[Start of section]

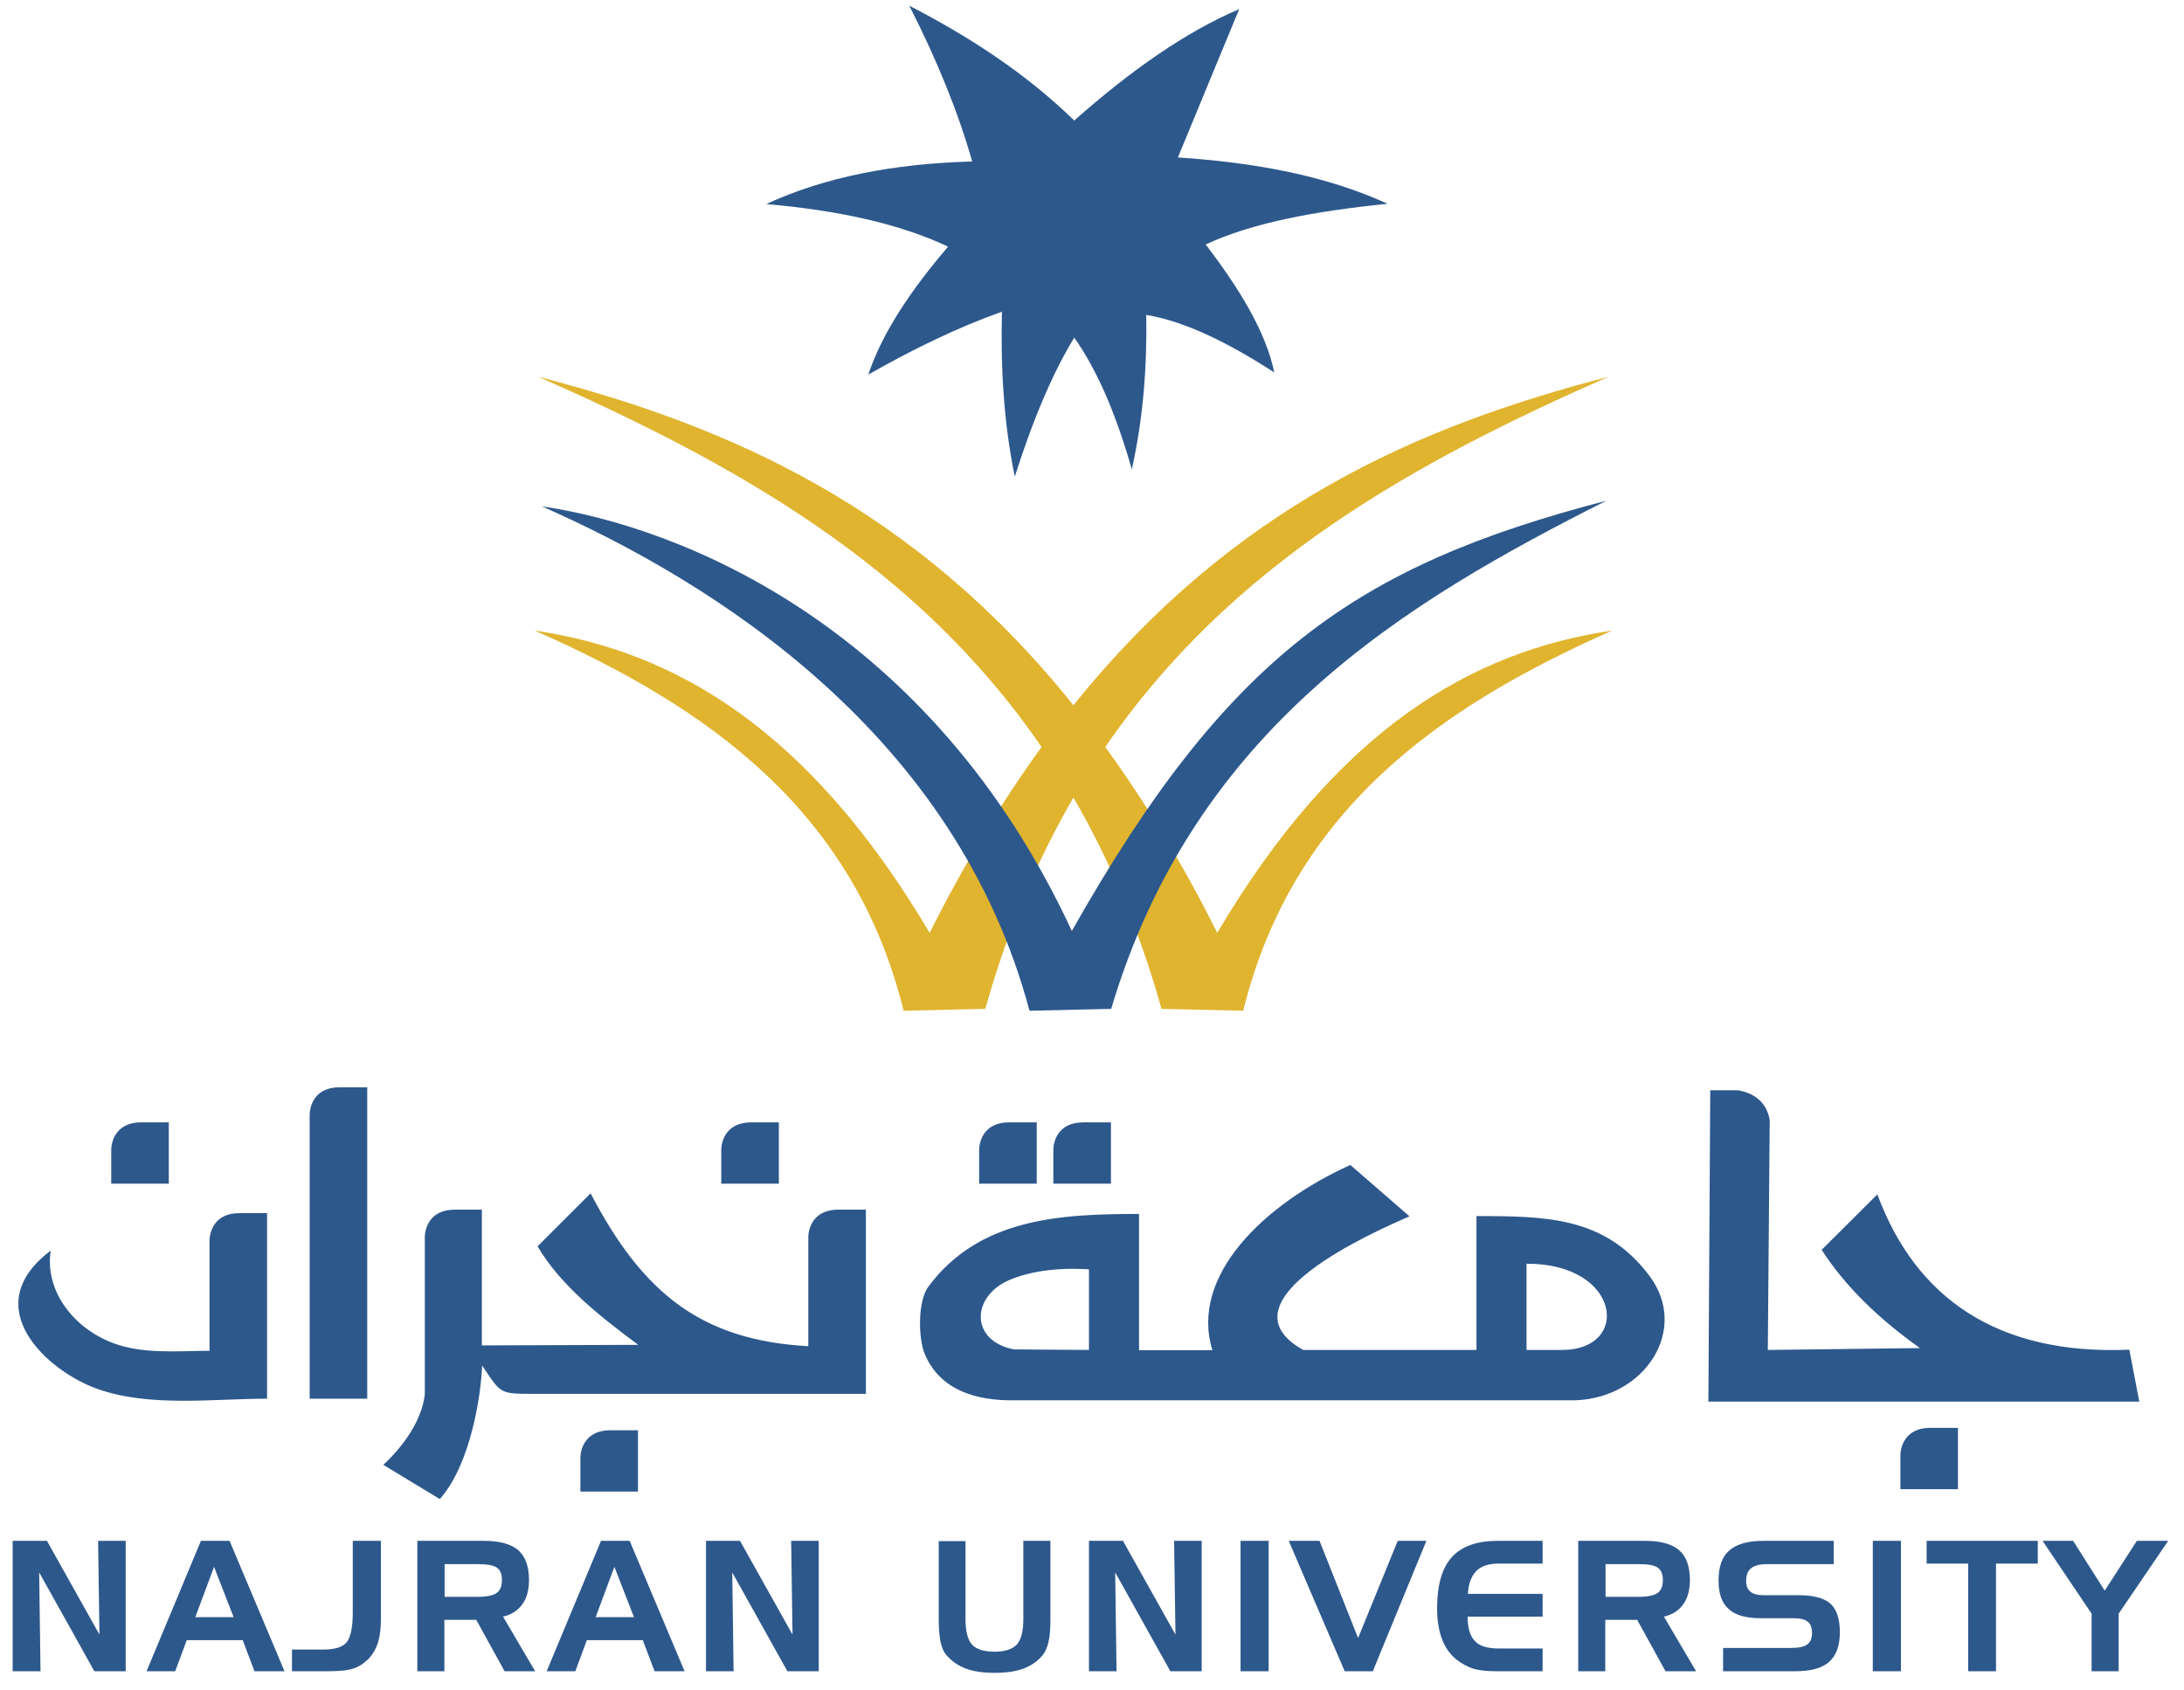 <svg width="84" height="65" viewBox="0 0 84 65" fill="none" xmlns="http://www.w3.org/2000/svg">
<path fill-rule="evenodd" clip-rule="evenodd" d="M20.562 24.258C27.226 27.194 32.85 31.18 34.755 38.884L37.897 38.812C38.762 35.722 39.916 33.044 41.286 30.685C42.656 33.044 43.809 35.732 44.674 38.812L47.816 38.884C49.721 31.18 55.345 27.204 62.009 24.258C56.612 25.051 51.452 28.049 46.817 35.887C45.457 33.168 44.015 30.809 42.511 28.739C47.352 21.673 54.398 17.779 61.865 14.494C54.521 16.399 47.424 19.489 41.286 27.132C35.147 19.479 28.05 16.399 20.706 14.494C28.163 17.79 35.219 21.673 40.06 28.739C38.556 30.809 37.124 33.168 35.755 35.887C31.119 28.049 25.959 25.051 20.562 24.258Z" fill="#E0B42F"/>
<path fill-rule="evenodd" clip-rule="evenodd" d="M20.84 19.479C27.504 22.415 36.764 28.255 39.596 38.884L42.738 38.812C45.952 27.997 54.068 23.156 61.783 19.263C52.111 21.776 47.198 25.257 41.224 35.815C35.806 24.124 26.237 20.272 20.84 19.479Z" fill="#2D588C"/>
<path fill-rule="evenodd" clip-rule="evenodd" d="M43.531 18.057C42.934 15.956 42.202 14.236 41.317 12.99C40.554 14.236 39.792 15.946 39.03 18.335C38.597 16.224 38.484 14.102 38.536 11.991C36.826 12.598 35.116 13.433 33.396 14.411C33.942 12.774 35.065 11.126 36.465 9.488C34.539 8.581 32.16 8.087 29.472 7.85C31.717 6.81 34.385 6.295 37.392 6.212C36.867 4.358 36.064 2.36 34.972 0.218C37.258 1.402 39.421 2.793 41.317 4.636C43.48 2.721 45.601 1.227 47.661 0.352L45.303 6.058C48.352 6.254 51.081 6.789 53.368 7.84C50.617 8.118 48.176 8.561 46.374 9.405C47.651 11.084 48.681 12.743 49.011 14.329C47.291 13.216 45.622 12.372 44.087 12.114C44.118 14.102 43.974 16.08 43.531 18.057Z" fill="#2D588C"/>
<path fill-rule="evenodd" clip-rule="evenodd" d="M72.206 45.95L70.064 48.082C70.939 49.441 72.206 50.698 73.844 51.862L67.993 51.934L68.066 43.086C67.932 42.314 67.355 42.036 66.85 41.943H65.779L65.707 53.922H82.28L81.898 51.924C76.81 52.14 73.679 49.925 72.206 45.95ZM16.339 53.633C16.184 55.055 14.876 56.229 14.742 56.353L16.916 57.671C18.111 56.322 18.502 53.654 18.543 52.531C19.264 53.602 19.192 53.623 20.48 53.623H33.303V46.537H32.232C31.295 46.537 31.089 47.237 31.089 47.608V51.79C27 51.563 24.733 49.781 22.715 45.908L20.675 47.948C21.571 49.462 23.044 50.615 24.548 51.738L18.533 51.759V46.537H17.482C16.545 46.537 16.339 47.237 16.339 47.608V53.633ZM60.073 51.934H58.713V48.617C62.339 48.597 62.751 51.934 60.073 51.934ZM56.797 51.934H50.123C46.765 50.049 52.904 47.361 54.212 46.794L51.936 44.817C48.619 46.32 45.745 49.081 46.631 51.944H43.809V46.702C40.832 46.702 37.67 46.846 35.703 49.503C35.291 50.059 35.312 51.512 35.579 52.119C36.177 53.499 37.578 53.891 38.999 53.87H60.608C63.286 53.767 64.986 51.13 63.431 49.071C61.731 46.815 59.496 46.784 56.787 46.784V51.934H56.797ZM41.883 51.934L38.999 51.913C37.31 51.584 37.351 49.895 38.793 49.256C39.566 48.916 40.657 48.751 41.883 48.834V51.934ZM37.66 45.538H39.874V43.179H38.803C37.866 43.179 37.66 43.879 37.66 44.25V45.538ZM40.513 45.538H42.728V43.179H41.656C40.719 43.179 40.513 43.879 40.513 44.25V45.538ZM4.278 45.538H6.492V43.179H5.421C4.484 43.179 4.278 43.879 4.278 44.25V45.538ZM10.272 53.809V46.671H9.201C8.264 46.671 8.058 47.371 8.058 47.742V51.965C6.77 51.975 5.493 52.099 4.34 51.666C2.867 51.11 1.713 49.699 1.95 48.113C-0.934 50.286 1.847 52.758 3.732 53.427C5.74 54.148 8.202 53.809 10.272 53.809ZM11.91 53.809H14.124V41.83H13.053C12.116 41.83 11.91 42.53 11.91 42.901V53.809ZM22.323 57.383H24.538V55.024H23.467C22.529 55.024 22.323 55.724 22.323 56.095V57.383ZM27.741 45.538H29.956V43.179H28.884C27.947 43.179 27.741 43.879 27.741 44.25V45.538ZM73.092 57.29H75.306V54.931H74.235C73.298 54.931 73.092 55.632 73.092 56.002V57.29Z" fill="#2D588C"/>
<path fill-rule="evenodd" clip-rule="evenodd" d="M0.487 59.278H1.806L3.825 62.883L3.773 59.278H4.834V64.294H3.629L1.507 60.493L1.558 64.294H0.487V59.278ZM78.561 59.278H79.736L80.951 61.194L82.187 59.278H83.392L81.487 62.079V64.294H80.446V62.079L78.561 59.278ZM75.698 60.153H74.101V59.278H78.376V60.153H76.769V64.294H75.698V60.153ZM73.113 64.294H72.031V59.278H73.113V64.294ZM70.527 60.174H67.963C67.684 60.174 67.489 60.225 67.355 60.328C67.221 60.431 67.159 60.596 67.159 60.823C67.159 61.008 67.211 61.142 67.324 61.235C67.437 61.328 67.602 61.369 67.818 61.369H69.188C69.755 61.369 70.167 61.482 70.404 61.698C70.641 61.915 70.764 62.285 70.764 62.79C70.764 63.305 70.63 63.686 70.352 63.933C70.074 64.181 69.641 64.294 69.044 64.294H66.273V63.398H68.879C69.178 63.398 69.384 63.357 69.508 63.264C69.631 63.181 69.693 63.027 69.693 62.831C69.693 62.625 69.641 62.471 69.528 62.388C69.415 62.296 69.23 62.255 68.962 62.255H67.736C67.169 62.255 66.747 62.141 66.49 61.904C66.222 61.667 66.098 61.307 66.098 60.812C66.098 60.277 66.232 59.886 66.51 59.649C66.788 59.401 67.231 59.278 67.829 59.278H70.527V60.174ZM63.029 60.174H61.752V61.431H63.029C63.379 61.431 63.616 61.379 63.75 61.286C63.884 61.194 63.956 61.029 63.956 60.792C63.956 60.565 63.894 60.401 63.76 60.308C63.626 60.215 63.379 60.174 63.029 60.174ZM60.722 59.278H63.276C63.873 59.278 64.306 59.401 64.584 59.638C64.862 59.886 64.996 60.267 64.996 60.782C64.996 61.163 64.914 61.482 64.739 61.719C64.564 61.966 64.316 62.121 63.997 62.193L65.233 64.294H64.059L62.967 62.316H61.741V64.294H60.701V59.278H60.722ZM57.632 60.153C57.261 60.153 56.972 60.246 56.777 60.442C56.591 60.637 56.478 60.926 56.458 61.317H59.331V62.193H56.447C56.447 62.625 56.54 62.945 56.725 63.13C56.9 63.326 57.209 63.418 57.621 63.418H59.331V64.294H57.57C57.178 64.294 56.88 64.263 56.653 64.191C56.437 64.119 56.221 64.005 56.025 63.851C55.767 63.645 55.582 63.377 55.458 63.048C55.335 62.718 55.273 62.327 55.273 61.873C55.273 60.988 55.458 60.328 55.84 59.906C56.221 59.484 56.808 59.278 57.601 59.278H59.331V60.153H57.632ZM51.719 64.294L49.567 59.278H50.751L52.234 63.017L53.759 59.278H54.861L52.801 64.294H51.719ZM48.794 64.294H47.713V59.278H48.794V64.294ZM41.873 59.278H43.191L45.21 62.883L45.158 59.278H46.219V64.294H45.014L42.892 60.493L42.944 64.294H41.883V59.278H41.873ZM37.135 59.278V62.285C37.135 62.749 37.217 63.078 37.382 63.264C37.547 63.449 37.835 63.542 38.247 63.542C38.659 63.542 38.937 63.449 39.112 63.264C39.277 63.078 39.359 62.749 39.359 62.285V59.278H40.4V62.306C40.4 62.666 40.379 62.945 40.328 63.161C40.286 63.367 40.204 63.542 40.111 63.666C39.916 63.903 39.669 64.078 39.37 64.191C39.071 64.304 38.7 64.356 38.257 64.356C37.815 64.356 37.444 64.304 37.145 64.191C36.846 64.078 36.599 63.903 36.393 63.666C36.29 63.542 36.228 63.388 36.177 63.181C36.136 62.975 36.105 62.687 36.105 62.316V59.288H37.135V59.278ZM27.144 59.278H28.462L30.481 62.883L30.429 59.278H31.49V64.294H30.285L28.163 60.493L28.215 64.294H27.154V59.278H27.144ZM23.631 60.277L22.91 62.213H24.383L23.631 60.277ZM23.116 59.278H24.218L26.33 64.294H25.176L24.723 63.099H22.57L22.128 64.294H21.026L23.116 59.278ZM18.378 60.174H17.101V61.431H18.378C18.729 61.431 18.965 61.379 19.099 61.286C19.233 61.194 19.305 61.029 19.305 60.792C19.305 60.565 19.244 60.401 19.11 60.308C18.976 60.215 18.729 60.174 18.378 60.174ZM16.071 59.278H18.626C19.223 59.278 19.656 59.401 19.934 59.638C20.212 59.886 20.346 60.267 20.346 60.782C20.346 61.163 20.263 61.482 20.088 61.719C19.913 61.966 19.666 62.121 19.347 62.193L20.583 64.294H19.408L18.317 62.316H17.091V64.294H16.051V59.278H16.071ZM11.22 63.46H12.435C12.878 63.46 13.177 63.367 13.331 63.181C13.486 62.996 13.568 62.605 13.568 62.028V59.278H14.65V62.265C14.65 62.615 14.619 62.914 14.547 63.161C14.475 63.408 14.361 63.604 14.217 63.769C14.042 63.964 13.846 64.098 13.62 64.181C13.393 64.263 13.043 64.294 12.59 64.294H11.23V63.46H11.22ZM8.233 60.277L7.512 62.213H8.985L8.233 60.277ZM7.728 59.278H8.83L10.942 64.294H9.788L9.335 63.099H7.182L6.739 64.294H5.637L7.728 59.278Z" fill="#2D588C"/>
</svg>

[End of section]

§ **TASK BRIEF**
Using the entries above, extract exactly the span from the line with "24.258C27.226 27.194 32.85" to the line with "18.057C42.934 15.956 42.202", both lines included; leave out everything else.

§ **SOLVED EXERCISE**
<path fill-rule="evenodd" clip-rule="evenodd" d="M20.562 24.258C27.226 27.194 32.85 31.18 34.755 38.884L37.897 38.812C38.762 35.722 39.916 33.044 41.286 30.685C42.656 33.044 43.809 35.732 44.674 38.812L47.816 38.884C49.721 31.18 55.345 27.204 62.009 24.258C56.612 25.051 51.452 28.049 46.817 35.887C45.457 33.168 44.015 30.809 42.511 28.739C47.352 21.673 54.398 17.779 61.865 14.494C54.521 16.399 47.424 19.489 41.286 27.132C35.147 19.479 28.05 16.399 20.706 14.494C28.163 17.79 35.219 21.673 40.06 28.739C38.556 30.809 37.124 33.168 35.755 35.887C31.119 28.049 25.959 25.051 20.562 24.258Z" fill="#E0B42F"/>
<path fill-rule="evenodd" clip-rule="evenodd" d="M20.84 19.479C27.504 22.415 36.764 28.255 39.596 38.884L42.738 38.812C45.952 27.997 54.068 23.156 61.783 19.263C52.111 21.776 47.198 25.257 41.224 35.815C35.806 24.124 26.237 20.272 20.84 19.479Z" fill="#2D588C"/>
<path fill-rule="evenodd" clip-rule="evenodd" d="M43.531 18.057C42.934 15.956 42.202 14.236 41.317 12.99C40.554 14.236 39.792 15.946 39.03 18.335C38.597 16.224 38.484 14.102 38.536 11.991C36.826 12.598 35.116 13.433 33.396 14.411C33.942 12.774 35.065 11.126 36.465 9.488C34.539 8.581 32.16 8.087 29.472 7.85C31.717 6.81 34.385 6.295 37.392 6.212C36.867 4.358 36.064 2.36 34.972 0.218C37.258 1.402 39.421 2.793 41.317 4.636C43.48 2.721 45.601 1.227 47.661 0.352L45.303 6.058C48.352 6.254 51.081 6.789 53.368 7.84C50.617 8.118 48.176 8.561 46.374 9.405C47.651 11.084 48.681 12.743 49.011 14.329C47.291 13.216 45.622 12.372 44.087 12.114C44.118 14.102 43.974 16.08 43.531 18.057Z" fill="#2D588C"/>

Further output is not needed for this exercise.